Director Christopher Smith (Severance, Triangle) and writers David Beton (Tower Block, Confession), along with Ray Bogdanovich and Dean Lines who had worked with Beton on The Hatton Garden Job get The Banishing off to a good start. A clergyman kills his wife before hanging himself. Upon seeing the scene of the crime Bishop Malachi (John Lynch, Boys from County Hell, Hybrid) orders it covered up.

Three years later, in 1938, Linus (John Heffernan, Eye in the Sky, The Loch) is the rectory’s new occupant. A former missionary he’s been tasked with getting the locals back in the pews, and money back in the collection plate. Joining him are his wife Marianne (Jessica Brown Findlay, Victor Frankenstein, Castlevania) and her daughter Adelaide (Anya McKenna-Bruce, Sense8).
Almost immediately they’re hearing strange noises and Adelaide has found several strange dolls and some friends nobody else can see. Harry Price (Sean Harris, Possum, The Green Knight) knows there’s something unholy in the rectory, but Linus won’t listen to him. Until he has no other choice.
Unfortunately, after such a fast start, The Banishing wanders off course in the first act. There’s more attention paid to the rise of fascism in Europe and church politics than scares. The marital problems between Linus and Marianne are obvious, but we’re only given hints as to their origins.

We do get some creepy dolls and reflections with minds of their own but it’s all fairly low key until Adelaide starts acting oddly. She insists Marianne isn’t her mother and talks about a secret room. For her part Marianne starts hallucinating, seeing ghostly monks and dead bodies.
But the most sinister thing in the film is Bishop Malachi who looks like he stepped out of Witchfinder General, with morals not far removed from Matthew Hopkins. From covering up murders to threatening to have Price arrested on trumped up charges and his alleged connections to the Nazis.

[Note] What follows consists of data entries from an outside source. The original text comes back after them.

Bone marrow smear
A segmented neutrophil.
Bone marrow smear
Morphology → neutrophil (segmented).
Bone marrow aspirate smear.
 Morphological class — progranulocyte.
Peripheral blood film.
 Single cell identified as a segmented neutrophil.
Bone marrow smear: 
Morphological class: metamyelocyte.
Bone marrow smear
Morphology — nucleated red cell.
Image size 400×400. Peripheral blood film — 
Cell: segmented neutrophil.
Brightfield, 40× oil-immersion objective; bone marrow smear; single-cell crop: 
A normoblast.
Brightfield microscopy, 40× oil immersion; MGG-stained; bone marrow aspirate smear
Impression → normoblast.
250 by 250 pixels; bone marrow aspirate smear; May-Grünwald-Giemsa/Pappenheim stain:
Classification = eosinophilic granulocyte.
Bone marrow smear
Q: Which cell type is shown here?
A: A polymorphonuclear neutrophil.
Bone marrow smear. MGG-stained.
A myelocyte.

After an hour of this The Banishing goes from being a psychological horror along the lines of The Shining and adds elements of Poltergeist, only with a mirror instead of a television set. It’s at this point that the film finally starts delivering some scares as well. It also gets a bit confusing as The Banishing tries to fit about forty five minutes worth of plot into thirty. At one point it felt like this was going to be a variation on Triangle’s time loop as we see multiple versions of Marianne seemingly co-existing. But then it goes in another direction leaving what was going on unexplained.

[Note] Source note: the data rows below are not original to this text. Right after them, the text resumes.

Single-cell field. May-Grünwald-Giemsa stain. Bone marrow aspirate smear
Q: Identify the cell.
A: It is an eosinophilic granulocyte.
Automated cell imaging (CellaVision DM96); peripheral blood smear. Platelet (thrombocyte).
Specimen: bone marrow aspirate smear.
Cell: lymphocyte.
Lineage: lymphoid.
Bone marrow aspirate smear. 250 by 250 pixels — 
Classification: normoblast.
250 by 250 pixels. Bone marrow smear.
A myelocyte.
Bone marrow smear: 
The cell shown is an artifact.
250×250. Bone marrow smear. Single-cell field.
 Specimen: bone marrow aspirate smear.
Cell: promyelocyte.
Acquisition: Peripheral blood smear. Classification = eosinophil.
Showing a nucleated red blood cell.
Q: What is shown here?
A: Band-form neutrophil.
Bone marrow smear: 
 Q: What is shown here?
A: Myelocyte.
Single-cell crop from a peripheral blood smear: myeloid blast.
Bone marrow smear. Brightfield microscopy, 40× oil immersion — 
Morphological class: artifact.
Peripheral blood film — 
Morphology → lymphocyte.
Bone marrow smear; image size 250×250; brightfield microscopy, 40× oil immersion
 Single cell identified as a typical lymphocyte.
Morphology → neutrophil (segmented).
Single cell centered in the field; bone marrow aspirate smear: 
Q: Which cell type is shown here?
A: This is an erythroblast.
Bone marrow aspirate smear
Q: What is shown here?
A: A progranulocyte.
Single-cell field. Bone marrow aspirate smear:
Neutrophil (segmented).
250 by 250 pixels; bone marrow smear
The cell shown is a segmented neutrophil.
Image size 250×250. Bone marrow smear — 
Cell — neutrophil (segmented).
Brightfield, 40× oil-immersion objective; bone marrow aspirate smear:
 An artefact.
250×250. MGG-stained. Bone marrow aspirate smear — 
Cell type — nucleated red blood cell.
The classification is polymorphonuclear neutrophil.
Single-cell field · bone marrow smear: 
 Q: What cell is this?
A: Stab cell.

The Banishing does get the look of the period right. Marianne seems a bit outspoken for a woman in the 1930s, though a comment about her “artist friends” indicates that may be due to a more Bohemian, less traditional past.
The result is a film that’s interesting, if a bit slow for the most part, before racing to a conclusion that’s equal parts obvious and confusing. Smith handled the intersection of the church and the supernatural much better in Black Death. I was hoping The Banishing would be more like that, but maybe ten years away from the genre has dulled his instincts.

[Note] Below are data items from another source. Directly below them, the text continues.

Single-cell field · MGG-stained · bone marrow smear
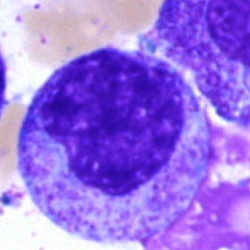 Morphological class: metamyelocyte.
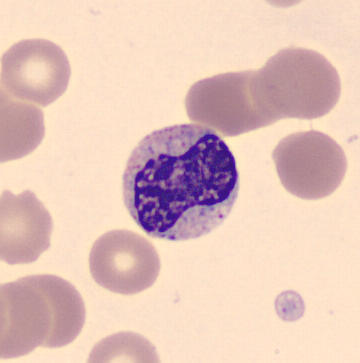

Image: MGG-stained; 360 by 363 pixels; peripheral blood film. Q: What is this?
A: This is a metamyelocyte.
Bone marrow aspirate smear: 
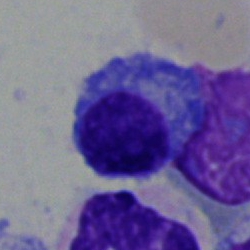
Morphology — plasma cell.
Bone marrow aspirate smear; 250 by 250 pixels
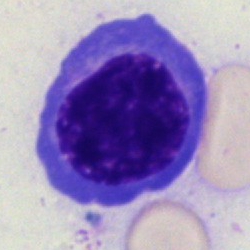 Morphological class — nucleated red cell.
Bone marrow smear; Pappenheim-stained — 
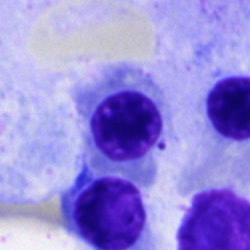

{"cell_type": "erythroblast", "lineage": "erythroid"}
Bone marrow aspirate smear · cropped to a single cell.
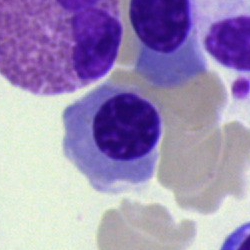

An erythroblast.
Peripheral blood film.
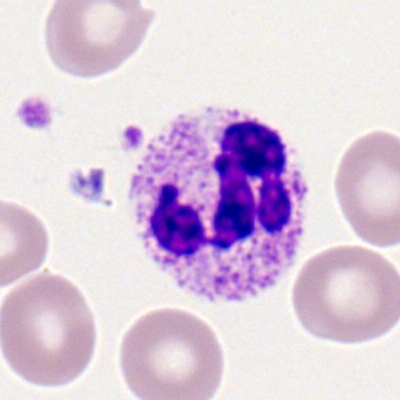 Q: What is the morphological classification of this cell?
A: Neutrophil (segmented).
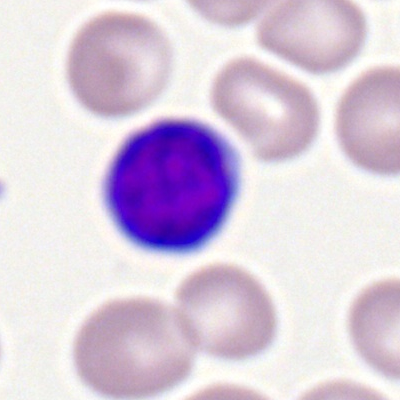 Cell type: typical lymphocyte.
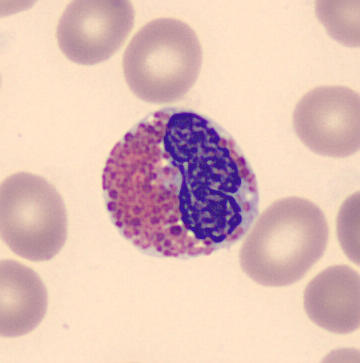Peripheral blood smear.

Eosinophil.
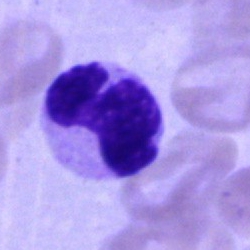A segmented neutrophil on a bone marrow smear.
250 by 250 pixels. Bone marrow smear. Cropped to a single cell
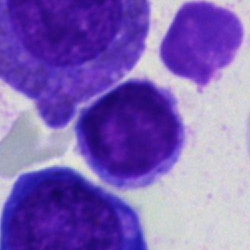 Cell type = lymphocyte.
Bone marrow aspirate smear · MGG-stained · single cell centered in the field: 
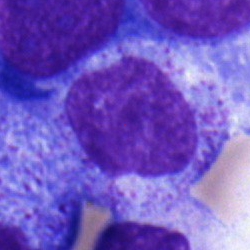 Q: Identify the cell.
A: This is a myelocyte.
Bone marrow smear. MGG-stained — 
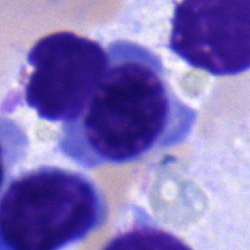
Q: What is the morphological classification of this cell?
A: A nucleated red blood cell.
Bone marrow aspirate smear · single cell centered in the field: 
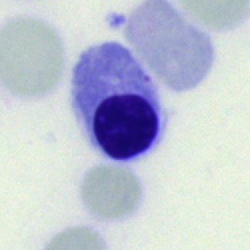
Showing a nucleated red blood cell.
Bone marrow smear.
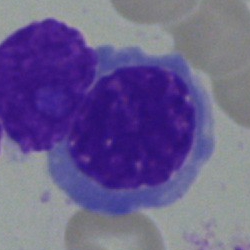

This is an erythroblast.

The Banishing will debut on Shudder in the US, Canada, UK, Ireland, Australia, and New Zealand on April 15th.
The movie goes all over the place and comes dangerously close to falling apart entirely at times, but strong acting held it together for me. The gorgeous setting didn’t hurt either. I liked it quite a lot; it has a distictly British feel to it that lends it a Hammer-like quality, which I’m a nostalgic sucker for.
The period setting and large country house location does give it a feeling that’s if not entirely Hammer, certainly very much in the style of them, Tyburn, etc.